Daniel Libardi tenía aficiones: la música, el básket, los autos y la totalidad del estado de Florida. También le gustaba el pan, el asado y el chocolate amargo. Nunca estuvo internado. Leía muy poca ficción. Siempre estaba ridículamente bien informado. Hacía cálculos mentales con una facilidad impresionante. Silbaba y cantaba todo el tiempo. 

Muchos en estos días lo recordaron como una buena persona y muchos más como un excelente profesional, colega y mentor. Conmigo siempre fue sabio, irreverente y divertido. Teníamos toda clase de juegos. Cuando cenábamos me decía: “A ver, si adivinás esto te ganás…” y de pronto empezaba un certamen absurdo, que siempre me dejaba ganar. En conjunto, nuestros bromas compartidas forman una especie de código secreto. Las repito desde hace semanas, y me contesto sola.

Daniel Libardi era mi papá. Si a veces escribo es porque él escribió antes. Por él soy profesora, por él empecé una revista en mi colegio a los doce, por él pedí ir a un instituto de inglés a los seis.

Fue una muerte buena: repentina, contundente y, según lo que leí, sin dolor. Estaba dormido. Un día normal seguido de un instante que cambió todo. Necesito creer que existen las muertes buenas y también necesito creer él tuvo una muerte buena.

Hay un capitán italiano en el medio del Atlántico que cuando se enteró de la muerte de Daniel Libardi, cantó baladas de los setenta en su honor (lo sé porque tengo los audios). Otro amigo, el periodista Juan Boglione, le dedicó el texto que dejé al final de esta página. 

Leí mucho estas semanas. Porque la información es control. O hace que uno sienta que tiene un poquito de control, es todo lo mismo. Para hablar de duelo recomiendo H is for Hawk y, en especial, The Year of Magical Thinking.  Tuve que, muy a conciencia, dejar de lado el privilegio enorme que envuelve a las escritoras-narradoras y que yo ciertamente no comparto, pero ambos me ayudaron, un poco, a aceptar que esto que siento es locura, y es normal. Podría terminar acá, decir que la literatura es mi refugio y que me permite convivir con este dolor insondable, desesperante, pero sería mentira.
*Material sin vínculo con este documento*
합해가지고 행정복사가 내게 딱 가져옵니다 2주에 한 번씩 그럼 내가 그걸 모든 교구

Sí, le robé al menos dos frases a Didion en lo que va de este texto, pero nada ayuda. Aun así leo, casi obsesivamente, sobre el duelo, sobre el dolor, sobre las cardiopatías. Leo estudios médicos y ensayos literarios y posts en foros de gente como yo, que de golpe perdieron a su papá y lo extrañan mucho. Todo ayuda y nada ayuda. Leo porque necesito saber que esto puede pasar, que por más incomprensible que parezca siempre fue una posibilidad estar, de un momento para el otro, sin él. Sin él. Para mí no hay razón ni rima ni propósito ni paz sin él.
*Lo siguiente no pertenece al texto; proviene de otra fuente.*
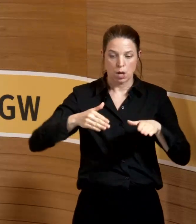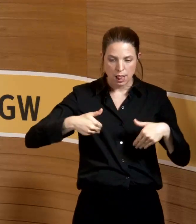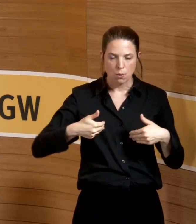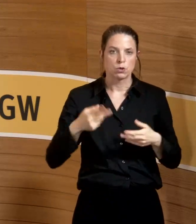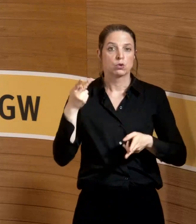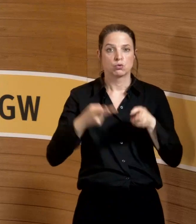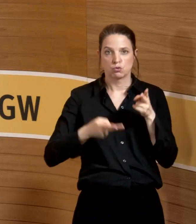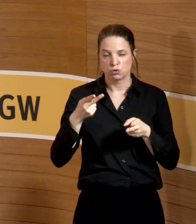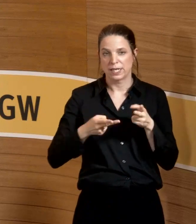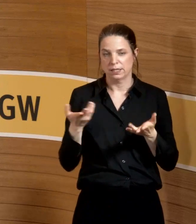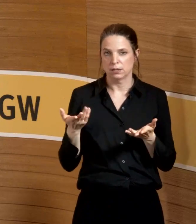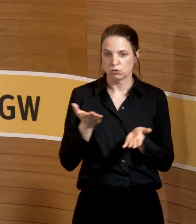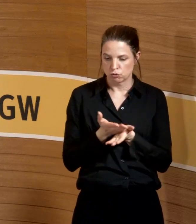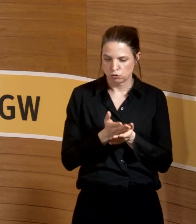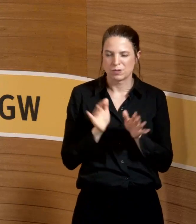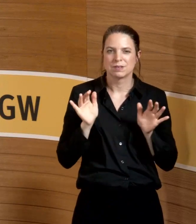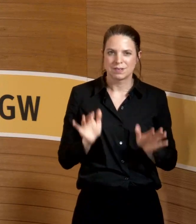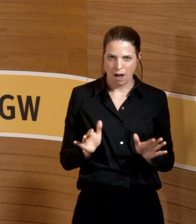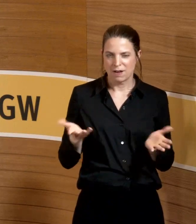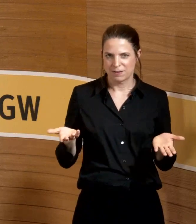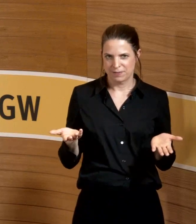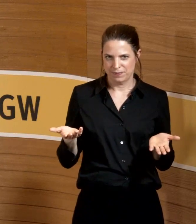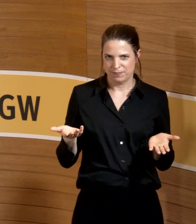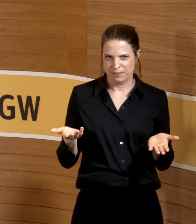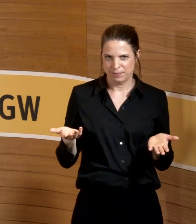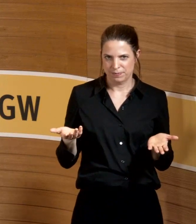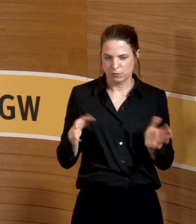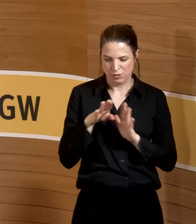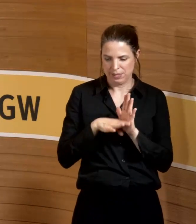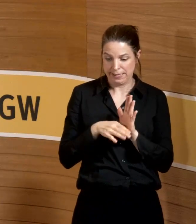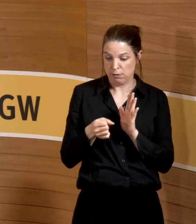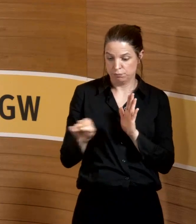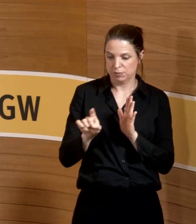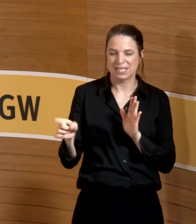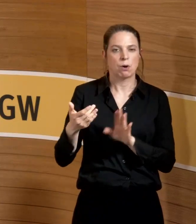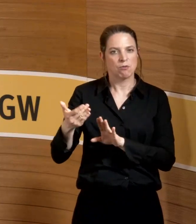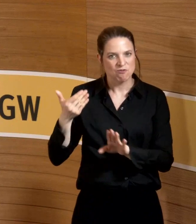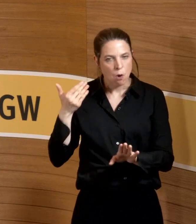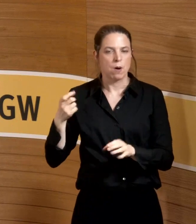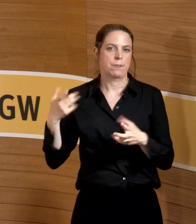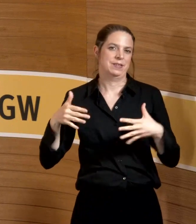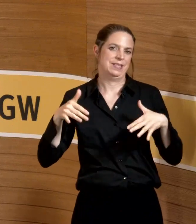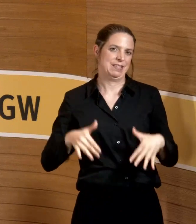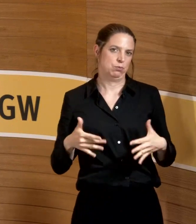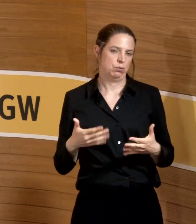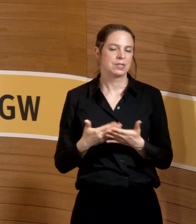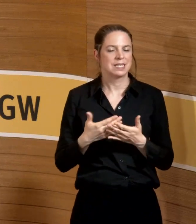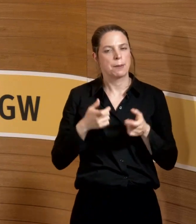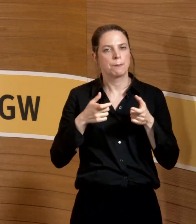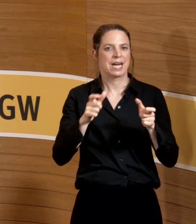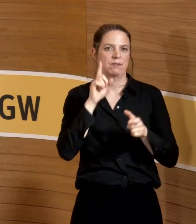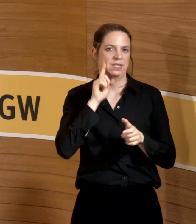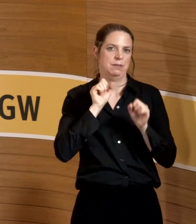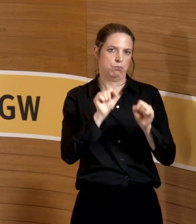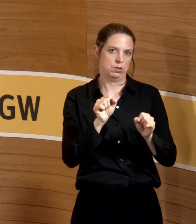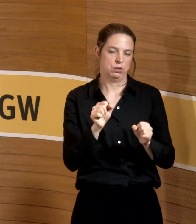die Schäden sind halt dann da, ohne dass ich ein Gesetz gebrochen habe. Das nenne ich immer präventiver Mutterschutz. Der
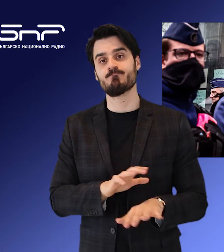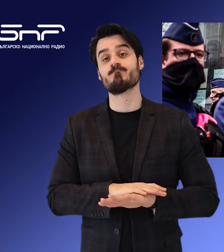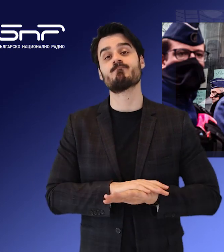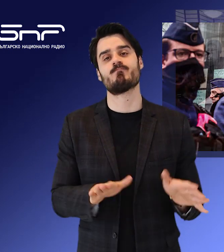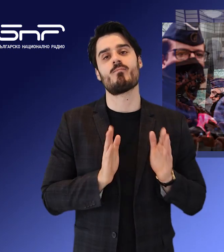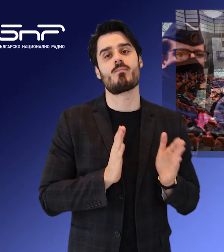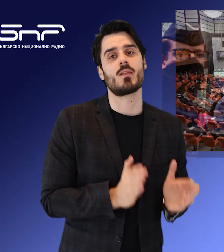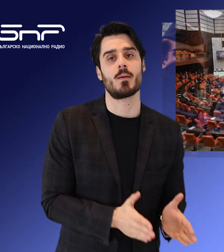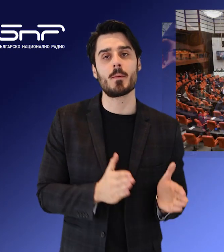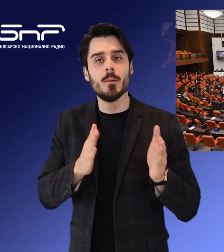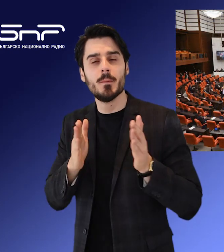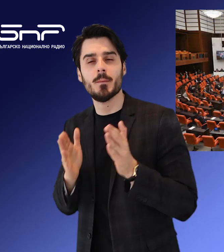Пийскова.

Lo que sí hay es una creencia difusa en que nada de esto es cierto, en que él va a leer estas palabras como leyó todas las demás que he escrito, en que si digo todo lo que tengo que decir y lo digo bien él va a volver. Esa es la locura normal.
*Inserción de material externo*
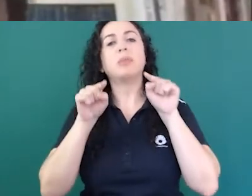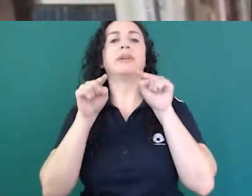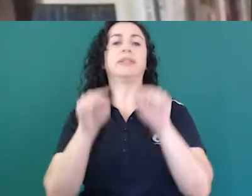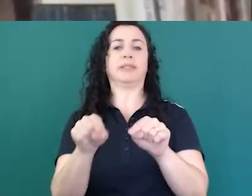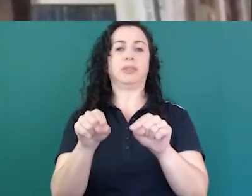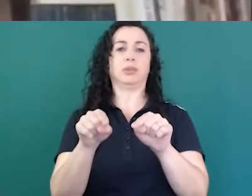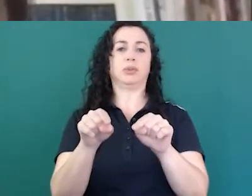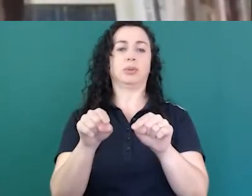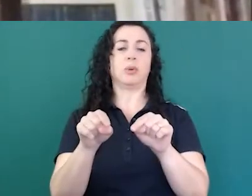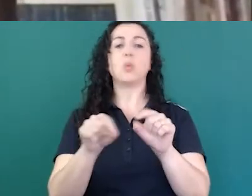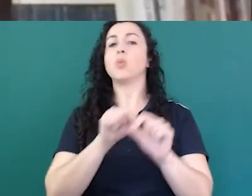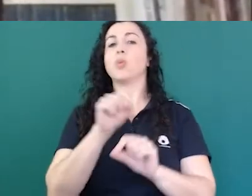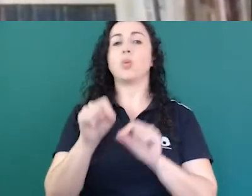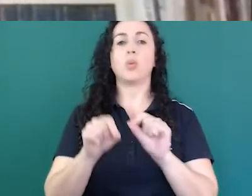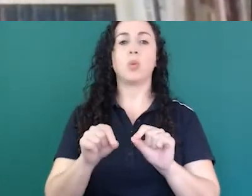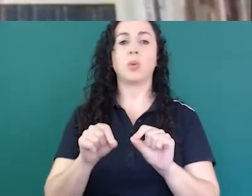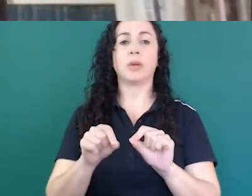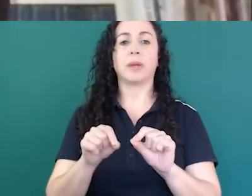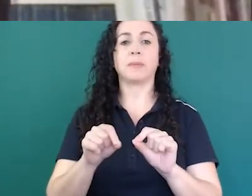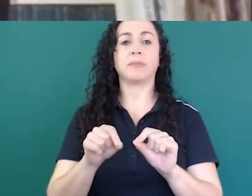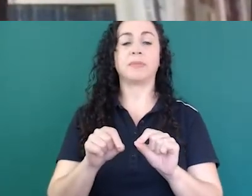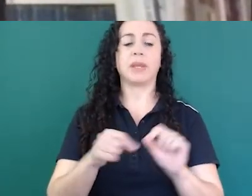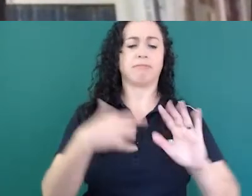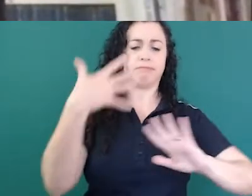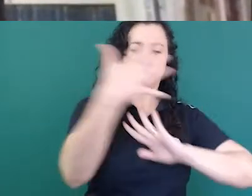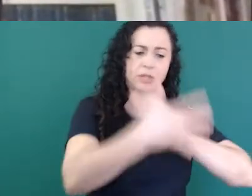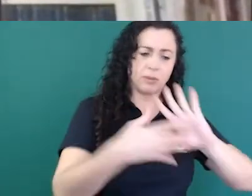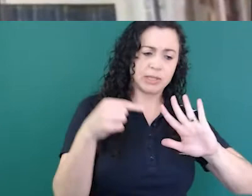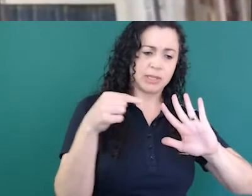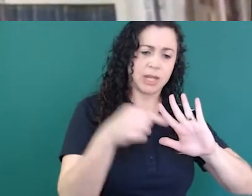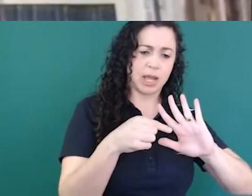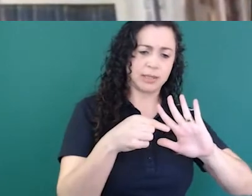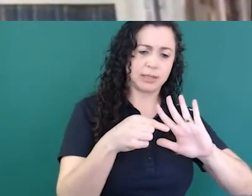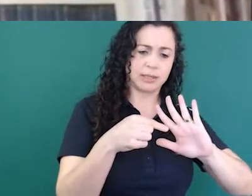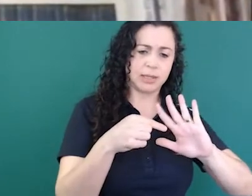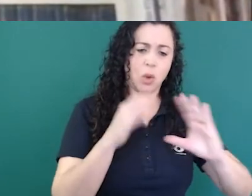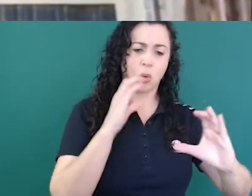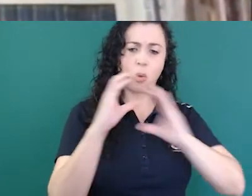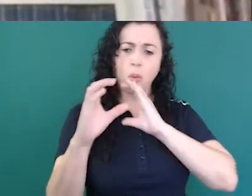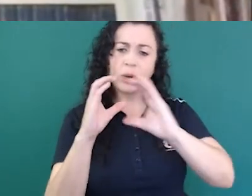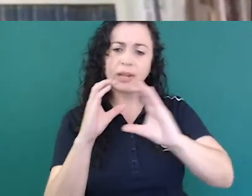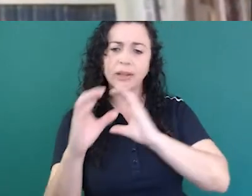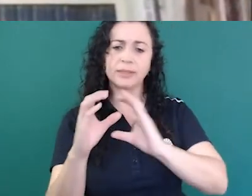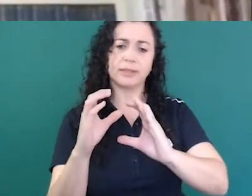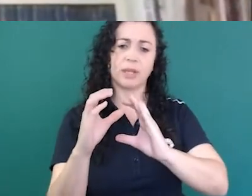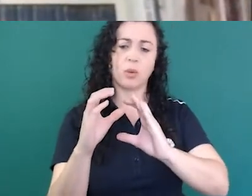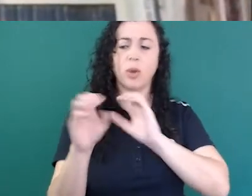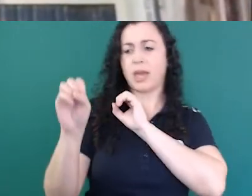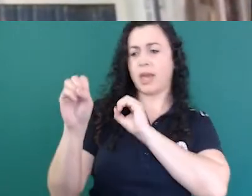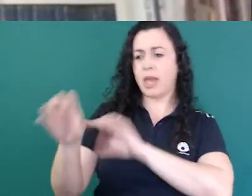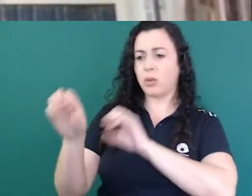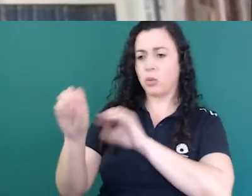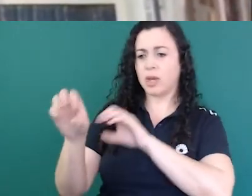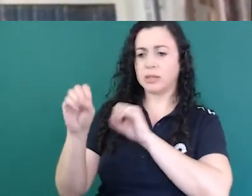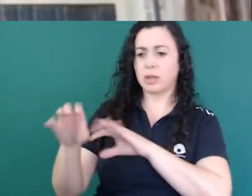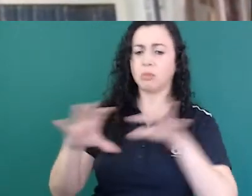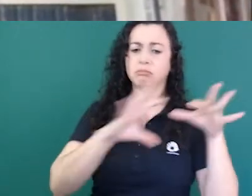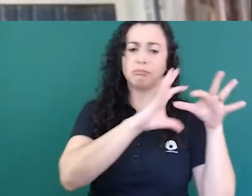língua de sinais comunicação e educação de surdos e direitos humanos na

The center cannot hold, dice el poema de Yeats. Me parece que es la metáfora que mejor se ajusta a lo que pasó, y eso que he leído decenas de metáforas para el duelo en estas semanas. El 4 de febrero de 2020 hubo una explosión. La onda expansiva dejó mi mundo, el mundo en el que él era el centro, reducido a una ruina. No puedo hacer nada con todas estas cenizas. Tampoco puedo terminar este texto.